*** RAW DATA ***

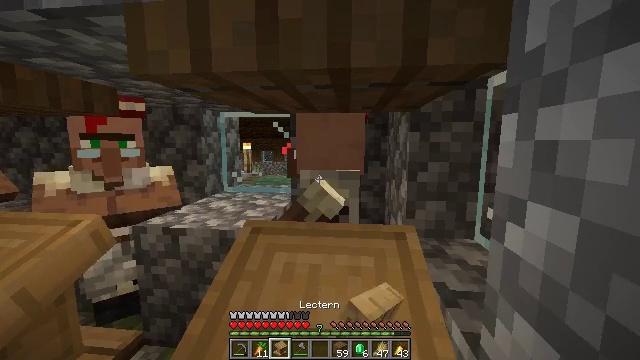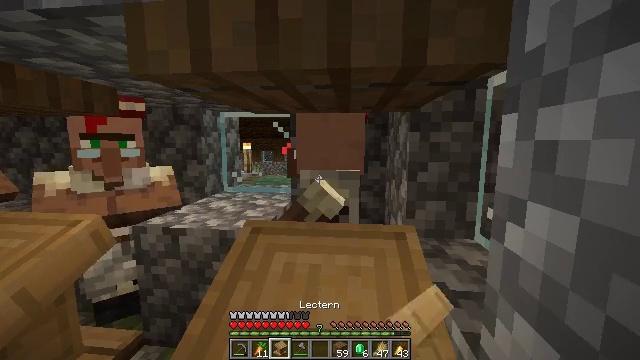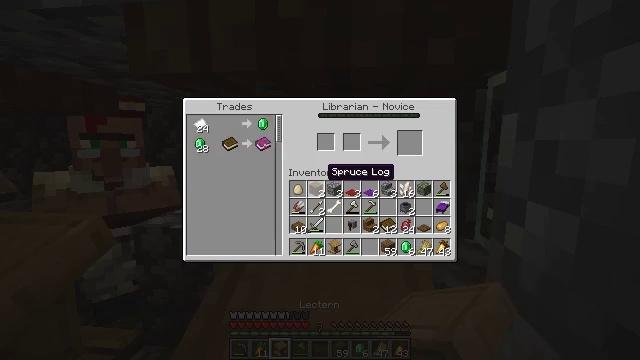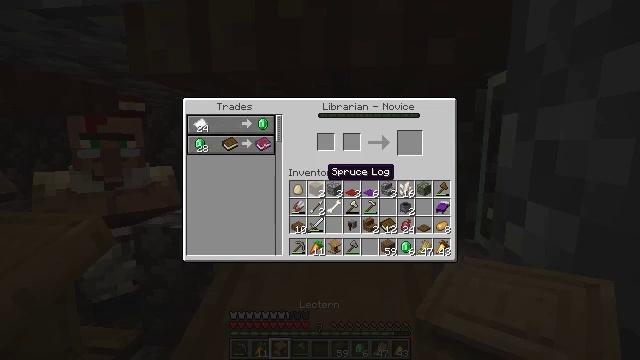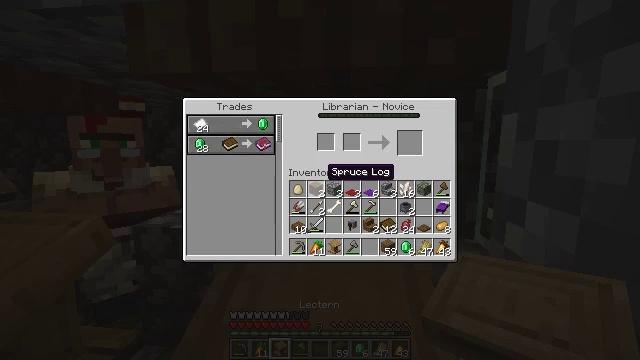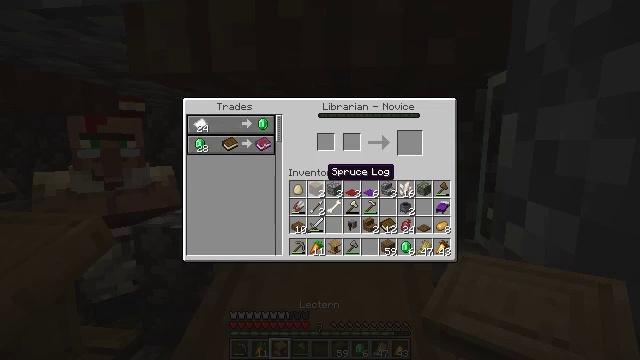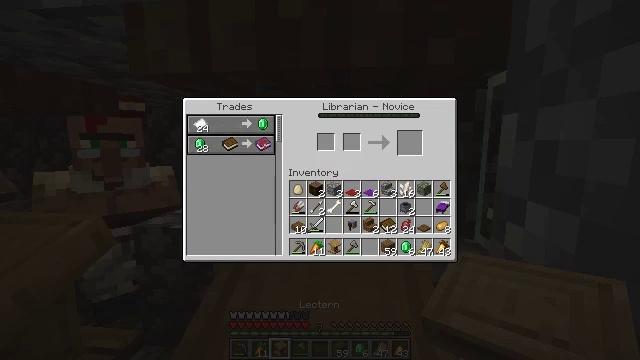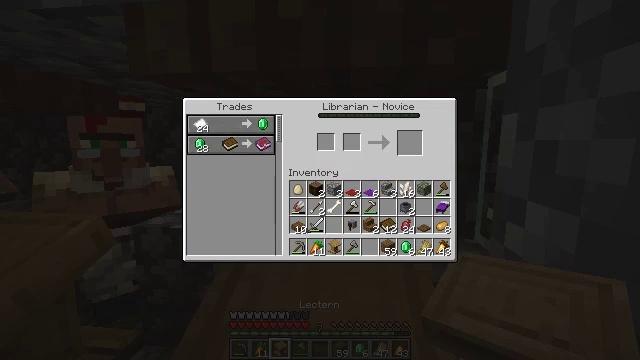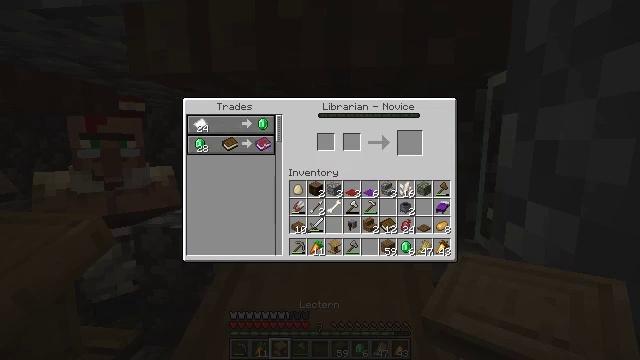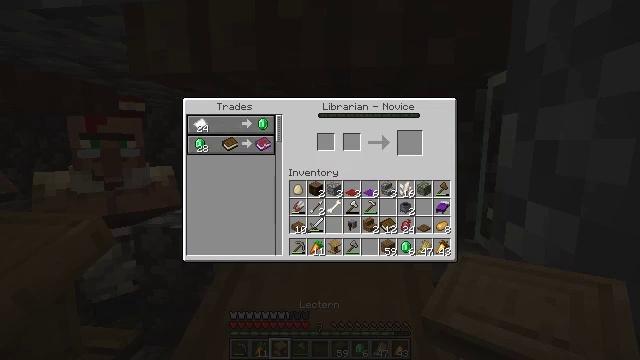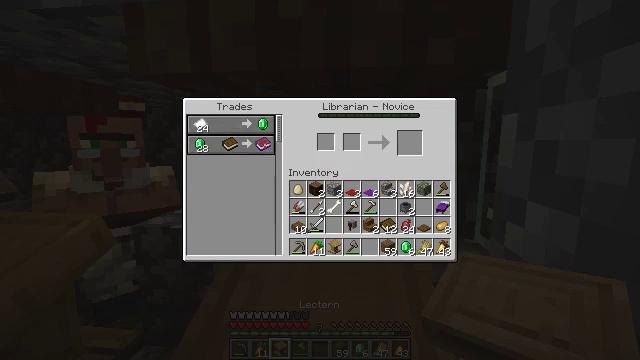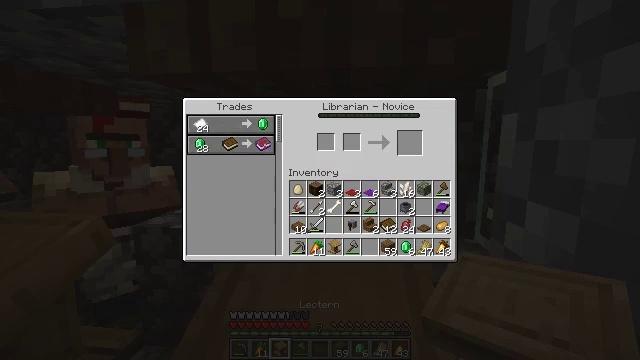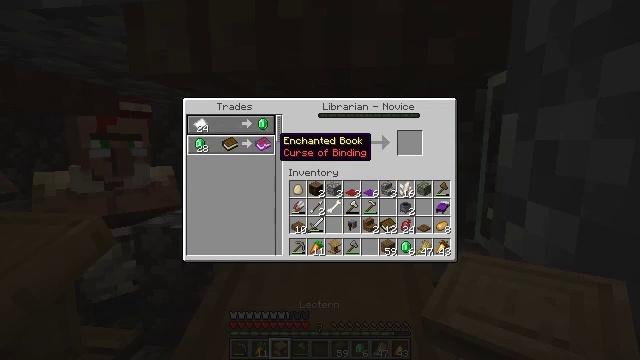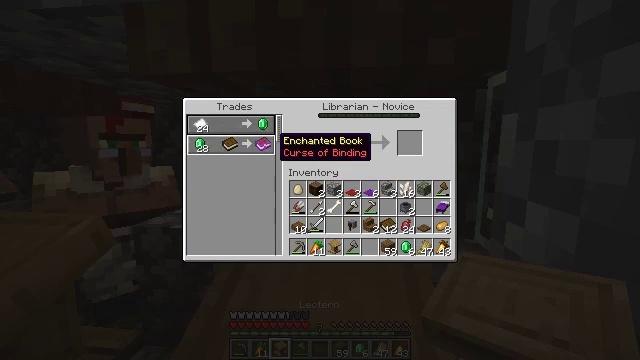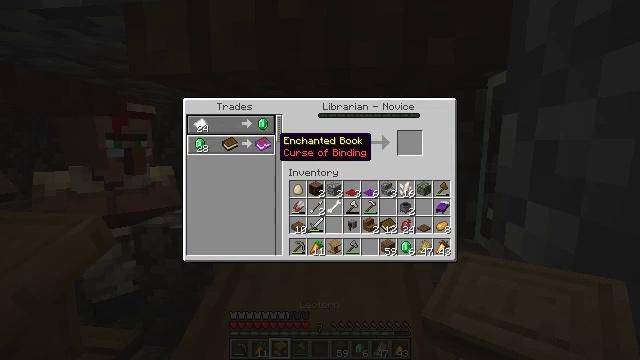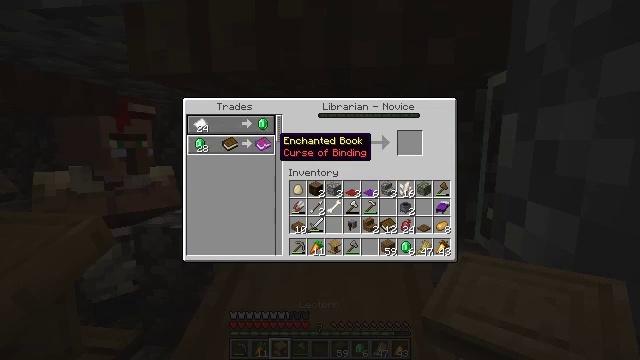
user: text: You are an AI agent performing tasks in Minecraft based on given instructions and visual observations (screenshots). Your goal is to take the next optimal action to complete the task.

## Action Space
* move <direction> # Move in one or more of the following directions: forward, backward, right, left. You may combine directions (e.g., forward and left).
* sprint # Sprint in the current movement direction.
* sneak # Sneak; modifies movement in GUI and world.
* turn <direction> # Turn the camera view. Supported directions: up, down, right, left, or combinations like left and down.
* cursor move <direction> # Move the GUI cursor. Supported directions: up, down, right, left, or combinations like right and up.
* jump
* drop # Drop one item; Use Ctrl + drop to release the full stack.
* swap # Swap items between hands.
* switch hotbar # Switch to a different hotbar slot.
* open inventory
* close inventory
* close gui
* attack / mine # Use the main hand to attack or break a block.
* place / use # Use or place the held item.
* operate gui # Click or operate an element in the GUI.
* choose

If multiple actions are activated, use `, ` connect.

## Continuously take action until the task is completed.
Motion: motion action
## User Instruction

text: Retrieve the lectern from the structure.
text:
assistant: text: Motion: no_op
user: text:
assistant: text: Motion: no_op
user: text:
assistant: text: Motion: no_op
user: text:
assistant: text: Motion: no_op
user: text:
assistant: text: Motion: no_op
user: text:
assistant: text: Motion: no_op
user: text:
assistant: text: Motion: turn up
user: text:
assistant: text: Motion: no_op
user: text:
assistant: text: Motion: no_op
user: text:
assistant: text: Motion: no_op
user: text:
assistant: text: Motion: turn left
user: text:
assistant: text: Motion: turn left
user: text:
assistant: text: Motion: no_op
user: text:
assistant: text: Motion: no_op
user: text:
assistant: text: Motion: no_op
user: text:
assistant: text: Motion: no_op
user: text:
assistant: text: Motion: no_op
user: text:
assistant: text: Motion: no_op
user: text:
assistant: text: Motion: no_op
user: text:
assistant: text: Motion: no_op
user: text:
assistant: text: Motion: no_op
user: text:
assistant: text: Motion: no_op
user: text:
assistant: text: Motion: no_op
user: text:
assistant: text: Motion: no_op
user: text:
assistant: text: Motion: no_op
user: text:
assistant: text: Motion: no_op
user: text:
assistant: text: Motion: no_op
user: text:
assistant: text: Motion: no_op
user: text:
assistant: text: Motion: no_op
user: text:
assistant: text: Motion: no_op
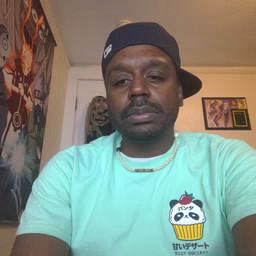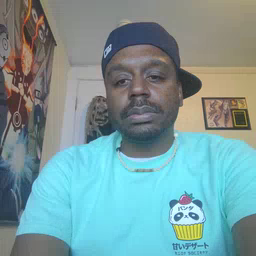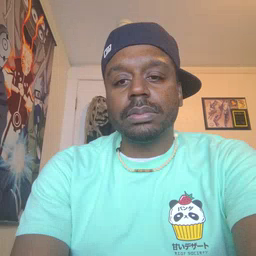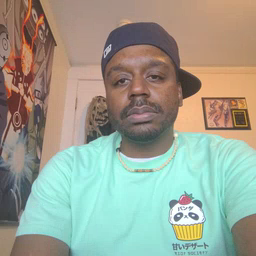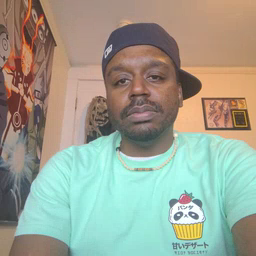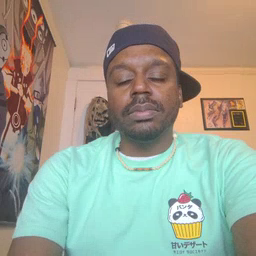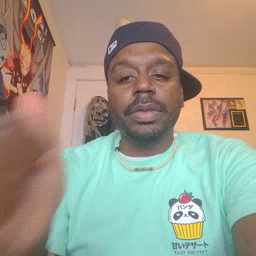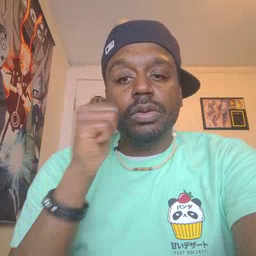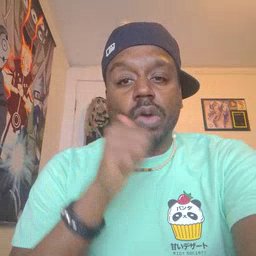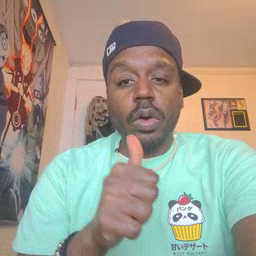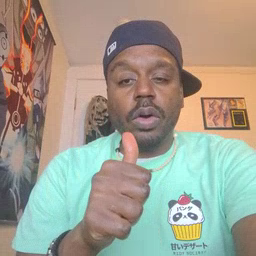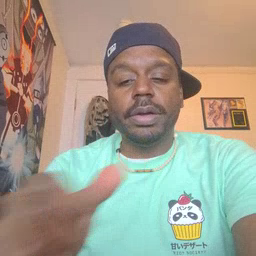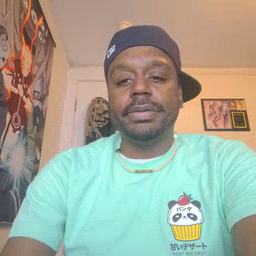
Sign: girl
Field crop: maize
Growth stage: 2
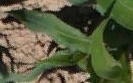
Species: maize
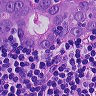
Metastatic tissue present: yes
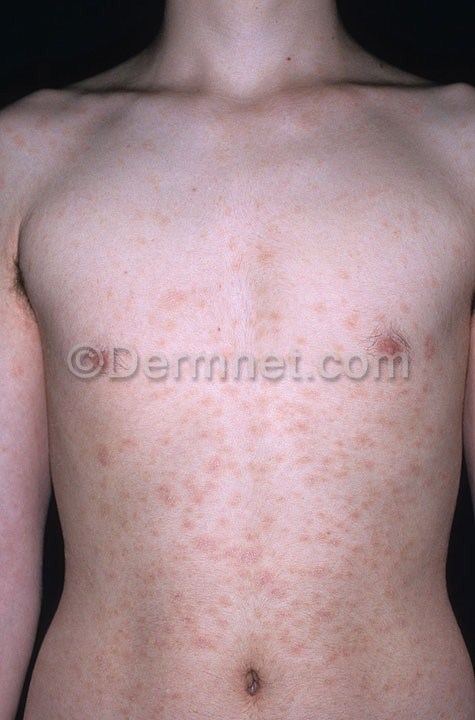
Disease: Psoriasis pictures Lichen Planus and related diseases
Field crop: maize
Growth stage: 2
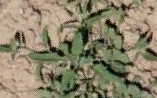
Species: atriplex
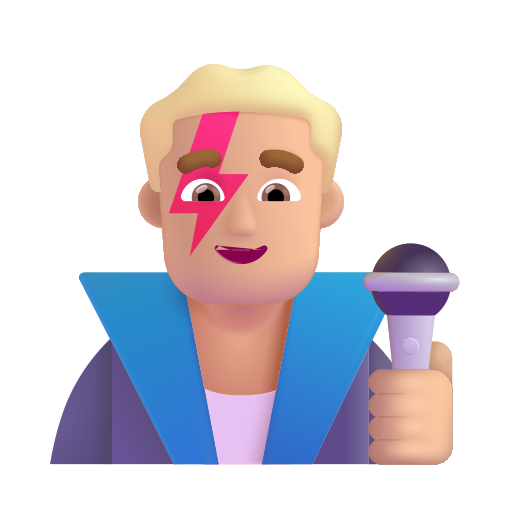
man singer color  light
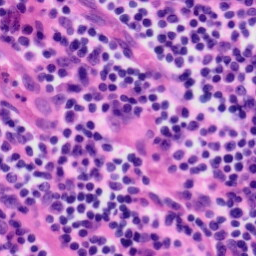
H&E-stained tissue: Tonsil
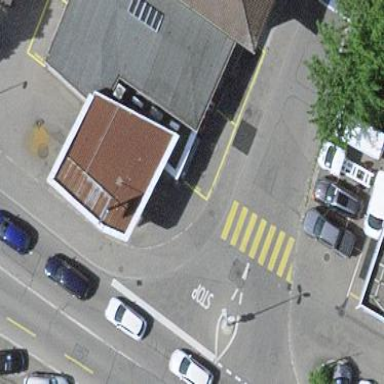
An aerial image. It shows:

*** End of RAW DATA ***

EXERCISE REQUIREMENTS
In the entries above, identify every line with the string "turn".

RESPONSE FOR THIS EXERCISE
* turn <direction> # Turn the camera view. Supported directions: up, down, right, left, or combinations like left and down.
assistant: text: Motion: turn up
assistant: text: Motion: turn left
assistant: text: Motion: turn left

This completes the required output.